Nevertheless, three aspects of the conflict in Syria in 2013—measuring conflict incidence, the restriction of arms supplies, and the implications of the use of chemical weapons—provide a starting point from which to examine its wider impact.
The principal difficulty for conflict researchers is gathering reliable data, including from media reports. Given the complexity of the Syrian conflict, media bias in reporting remains a key challenge, plaguing the collection of useful data and misinforming researchers and policymakers regarding the actual events taking place. The seriousness of the consequences of the continuing failure of diplomacy and politics, and the urgency of better understanding the key elements behind the intensification of violence, mean that a more rigorous approach to data collection is needed.
The exponential growth of online and social media outlets means that more information on conflicts is now publicly available. It is crucial for conflict researchers to integrate such sources into their coding processes. In the case of Syria, given the tight government controls on the traditional media there, social media sources have become essential alternatives. Nonetheless, information from unidentified sources needs to be carefully verified, particularly due to polarization of opinions in the dissemination of information.
The use and development of the crowd-seeding methodology, coupled with the growing use of information technology in gathering and sharing data might present a new way forward for the collection of conflict event data. This will ultimately provide policymakers and humanitarian agencies with a more complete picture of the reality of violence and political events on the ground, such as that in Syria. At the same time, crowd-seeding will not be a panacea against biases, and it is not fault-free.

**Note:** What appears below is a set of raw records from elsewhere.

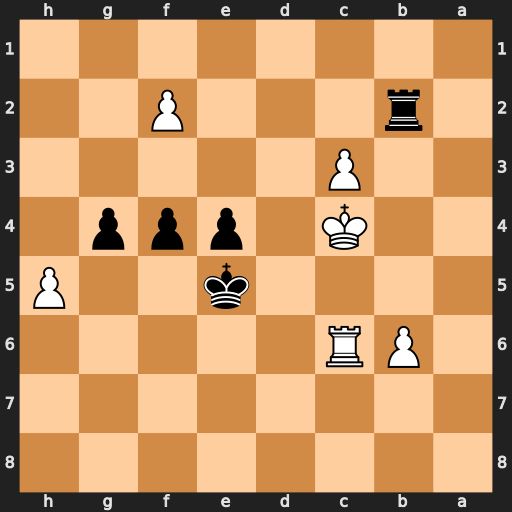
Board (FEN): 8/8/1PR5/4k2P/2K1ppp1/2P5/1r3P2/8
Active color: b
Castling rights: -
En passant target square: -
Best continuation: e3 fxe3 f3
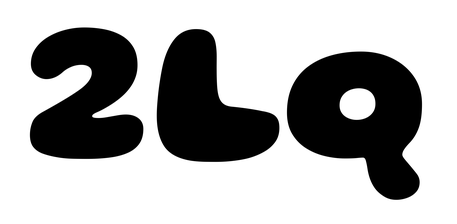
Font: Gluten_ExtraBold
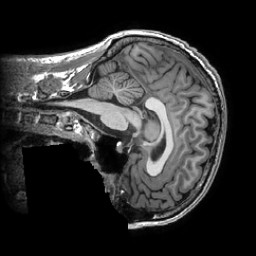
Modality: T1w
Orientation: sagittal
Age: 28
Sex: male
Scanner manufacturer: ge
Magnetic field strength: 3 T
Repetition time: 0.007348 s
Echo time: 0.003036 s
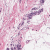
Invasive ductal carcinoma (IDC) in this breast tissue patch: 0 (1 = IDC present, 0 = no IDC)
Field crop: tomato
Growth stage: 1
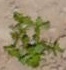
Species: portulaca
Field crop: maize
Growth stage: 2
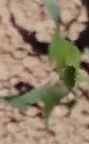
Species: maize
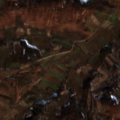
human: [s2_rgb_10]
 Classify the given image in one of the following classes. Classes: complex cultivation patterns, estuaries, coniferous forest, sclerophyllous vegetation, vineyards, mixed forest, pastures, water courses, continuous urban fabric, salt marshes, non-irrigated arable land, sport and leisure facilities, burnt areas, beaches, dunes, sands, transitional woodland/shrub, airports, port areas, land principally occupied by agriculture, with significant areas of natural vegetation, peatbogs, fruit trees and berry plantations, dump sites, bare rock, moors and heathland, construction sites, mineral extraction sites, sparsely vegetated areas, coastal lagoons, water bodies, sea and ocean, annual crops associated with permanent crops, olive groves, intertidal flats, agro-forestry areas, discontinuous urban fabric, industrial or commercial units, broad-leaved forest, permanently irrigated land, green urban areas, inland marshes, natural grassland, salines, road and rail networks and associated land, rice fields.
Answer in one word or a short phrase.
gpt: non-irrigated arable land, complex cultivation patterns, land principally occupied by agriculture, with significant areas of natural vegetation, broad-leaved forest
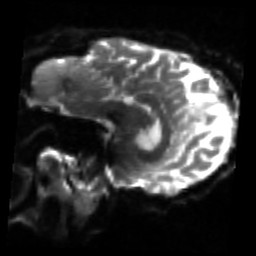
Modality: sbref
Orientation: sagittal
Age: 67
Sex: male
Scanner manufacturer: siemens
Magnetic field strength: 3 T
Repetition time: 4.71 s
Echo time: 0.0906 s
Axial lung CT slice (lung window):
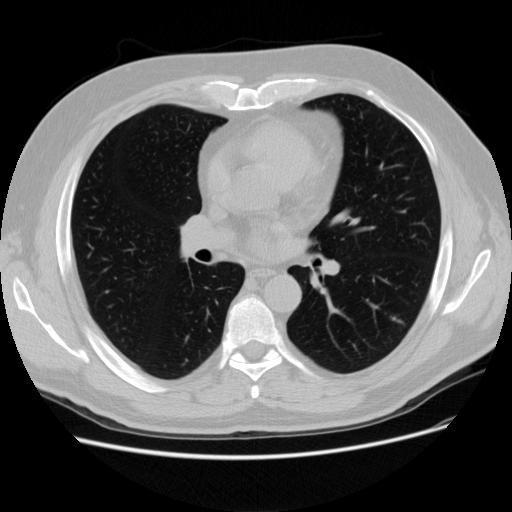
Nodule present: no
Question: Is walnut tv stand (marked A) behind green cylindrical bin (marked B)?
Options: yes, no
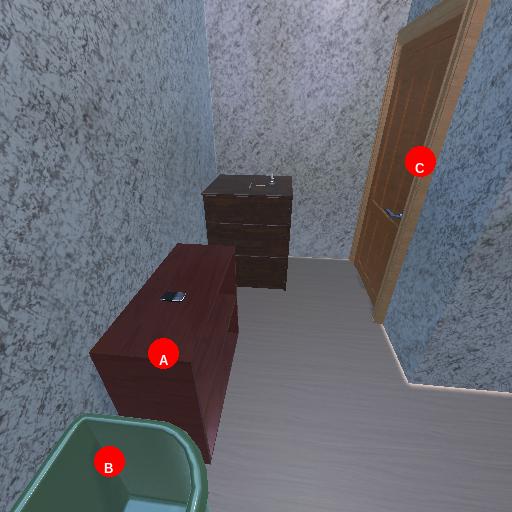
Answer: yes
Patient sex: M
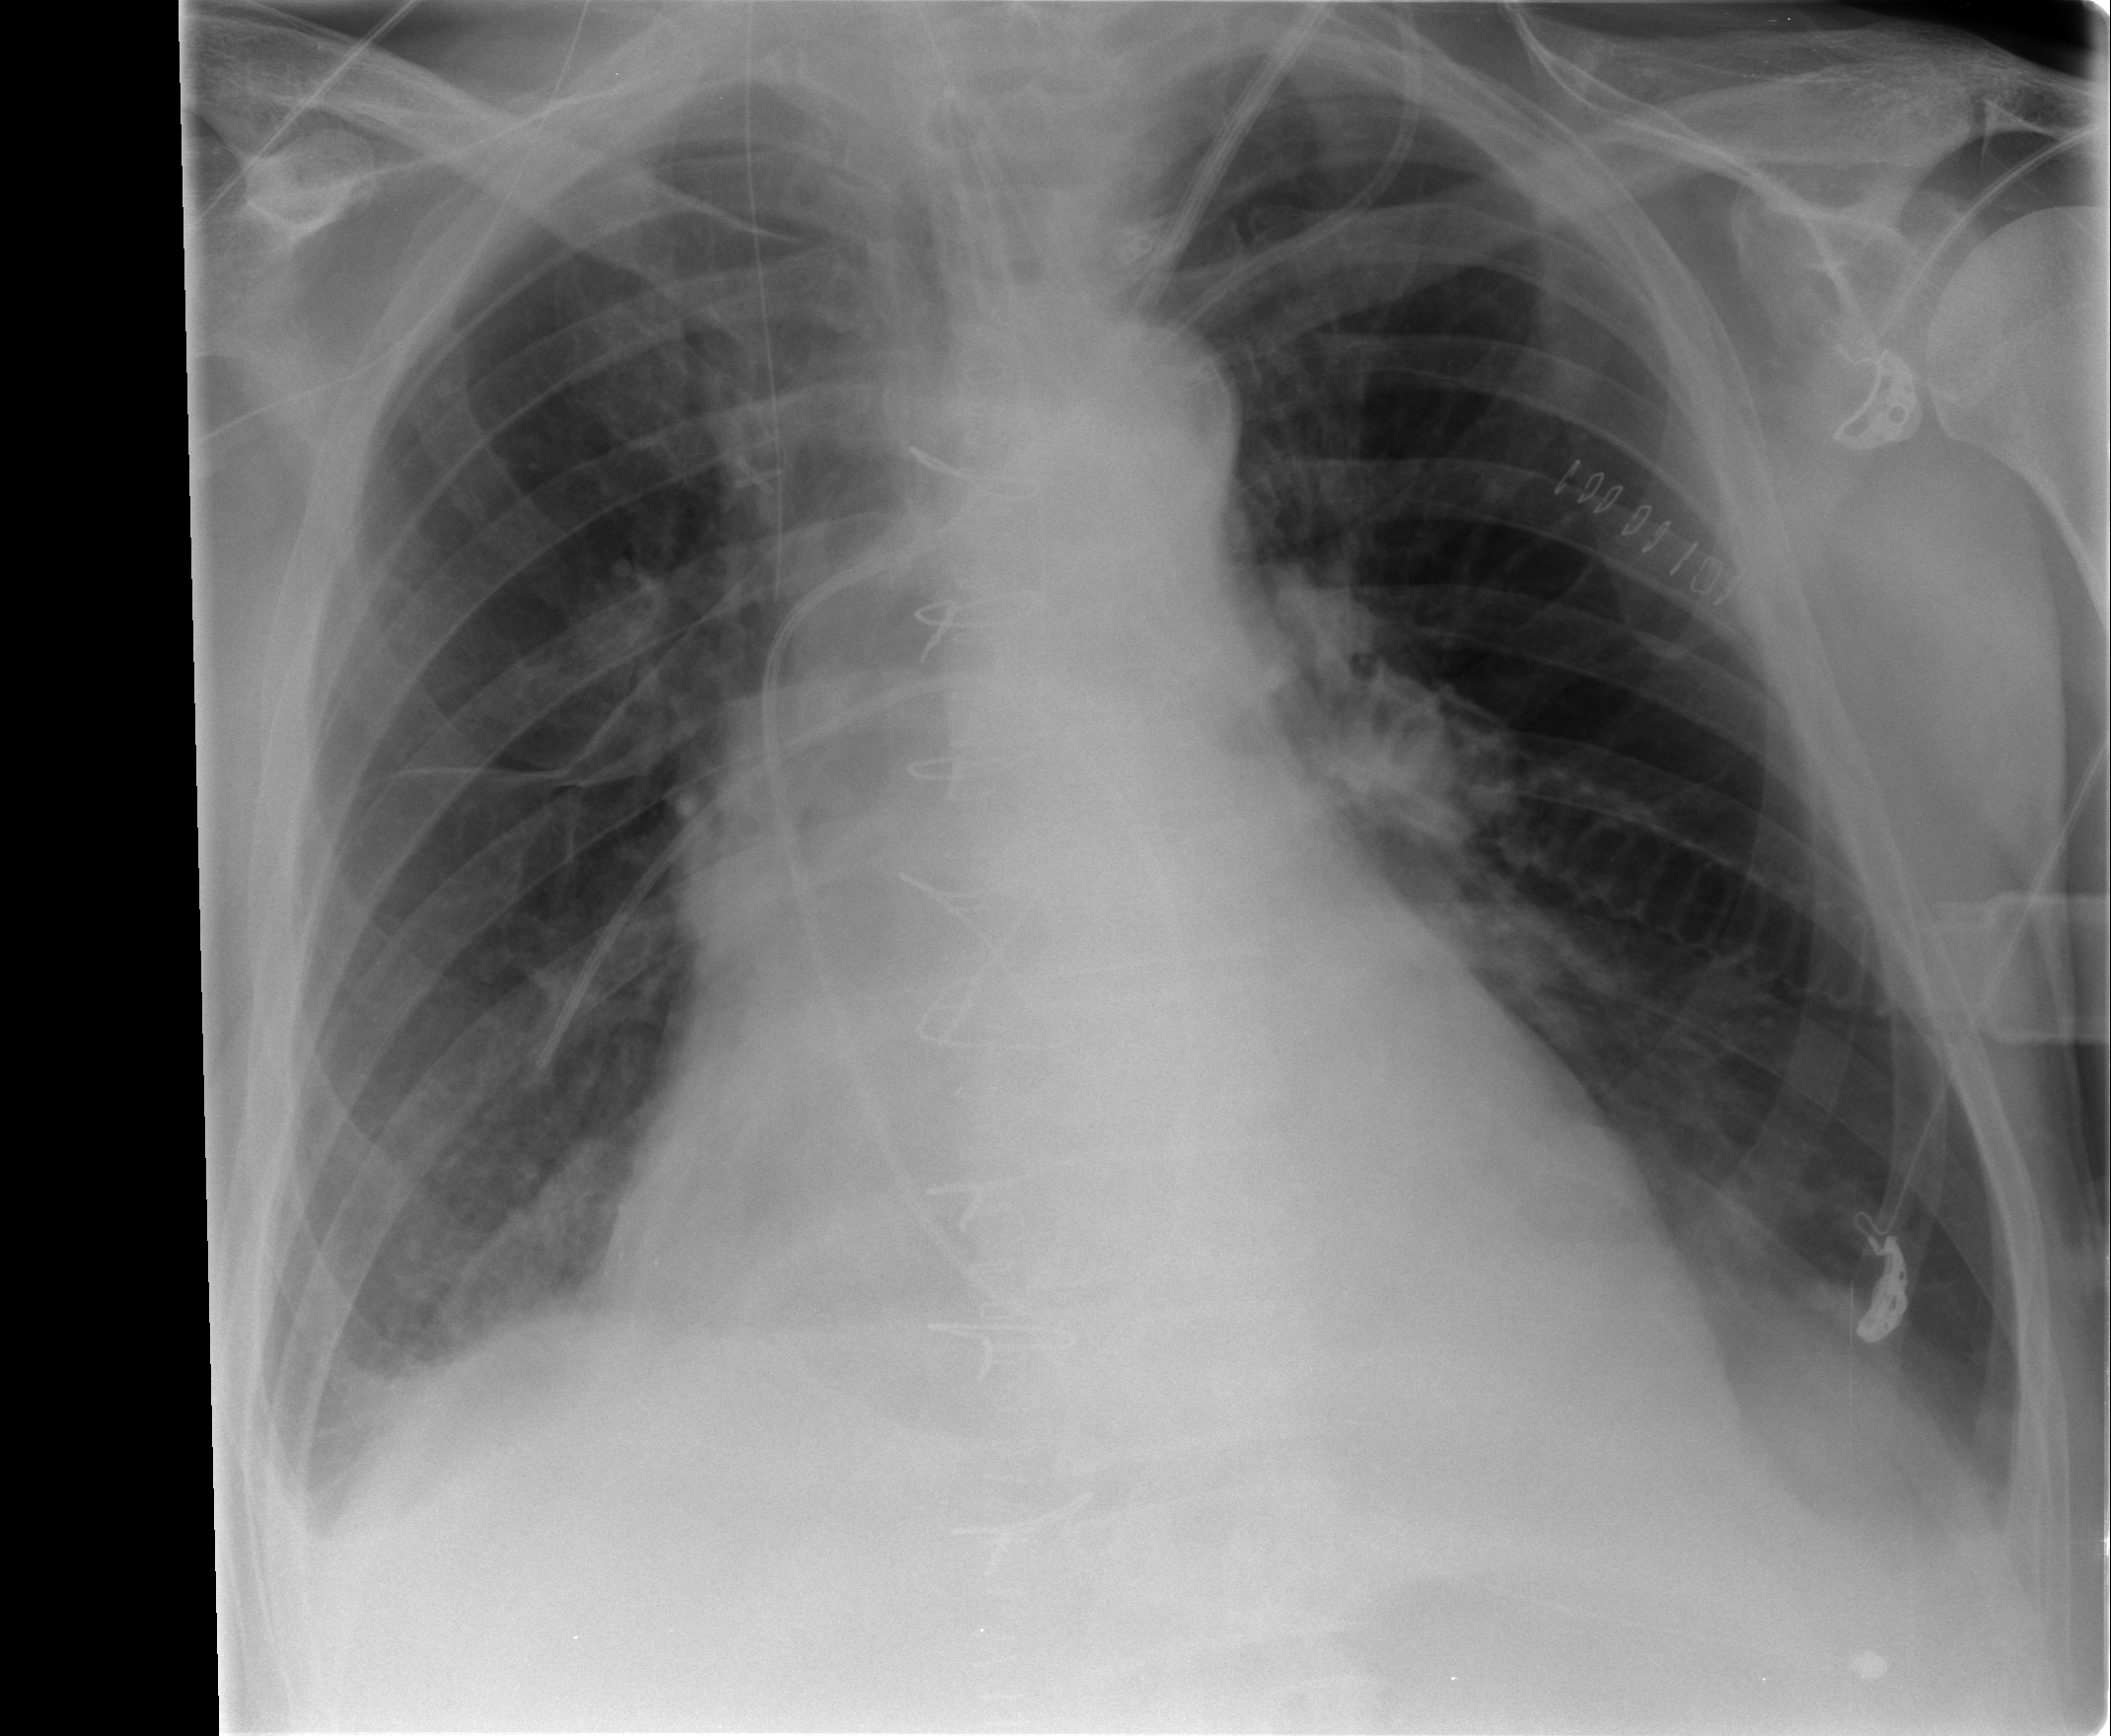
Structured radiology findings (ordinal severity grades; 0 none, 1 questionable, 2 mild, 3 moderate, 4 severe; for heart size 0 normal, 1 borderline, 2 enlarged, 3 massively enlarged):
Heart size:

The widespread view that international arms transfers need to be controlled to prevent such transfers from fuelling violence and armed conflict was reaffirmed in 2013 when a large majority of states adopted the Arms Trade Treaty (ATT). The acceptance of the ATT by most states—or support of at least the ATT’s main principles by several others such as Russia and China—coincided with major disagreements among states about how to deal with arms supplies to the ongoing conflict in Syria, which has been marred by gross violations of human rights and international humanitarian law.

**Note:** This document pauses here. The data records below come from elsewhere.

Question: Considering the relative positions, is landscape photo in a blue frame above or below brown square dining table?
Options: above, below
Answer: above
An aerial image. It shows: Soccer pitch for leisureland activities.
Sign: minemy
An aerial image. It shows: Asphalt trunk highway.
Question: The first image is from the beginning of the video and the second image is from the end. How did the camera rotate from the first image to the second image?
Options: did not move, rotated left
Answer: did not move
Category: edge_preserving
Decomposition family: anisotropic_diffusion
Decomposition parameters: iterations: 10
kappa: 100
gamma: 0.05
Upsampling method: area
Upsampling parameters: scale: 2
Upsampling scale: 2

States had highly varied views on whether such arms supplies can or cannot contribute to establishing peace and security in Syria. Even within the European Union, with its long history of restrictive arms exports and harmonized arms exports policies and its strong support for the ATT, states could not reach agreement on the risks or utility of supplying arms to certain armed groups in Syria.
The variance in views on arms supplies to Syria raises the question of how harmonized the implementation of the ATT will be, once it enters into force. A considerable problem is that lessons related to the arms-export risk assessments required by such agreements as the ATT are hard to draw from the Syrian case. States have generally been secretive or unclear about the objectives, or the scope, of their arms supplies to parties to the conflict in Syria.
Events in Syria in 2013 will have a long-term—if still somewhat uncertain and controversial—effect on future efforts to respond to allegations of use of chemical weapons. Arms control efforts undertaken in Syria reflected an evolution of international verification measures and activity that encompass both cooperative and coercive elements. Institutions and regimes not normally linked (e.g. the Organisation for the Prohibition of Chemical Weapons, OPCW, and the World Health Organization, WHO) were brought together due to high-level concerns within governments—especially Russia and the United States—and the international community. This occurred within the context of a worsening armed conflict with wider and long-lasting destabilizing effects.
The developments in Syria, taken as a whole, underlined the strength of the international norm against the possession and use of chemical weapons. They also brought to the fore policy and operational challenges associated with arms control in cases where non-state and state actors from within and outside the region are interacting in contested or ungoverned spaces. In addition, they provided operational lessons on what verification can or cannot achieve under such circumstances.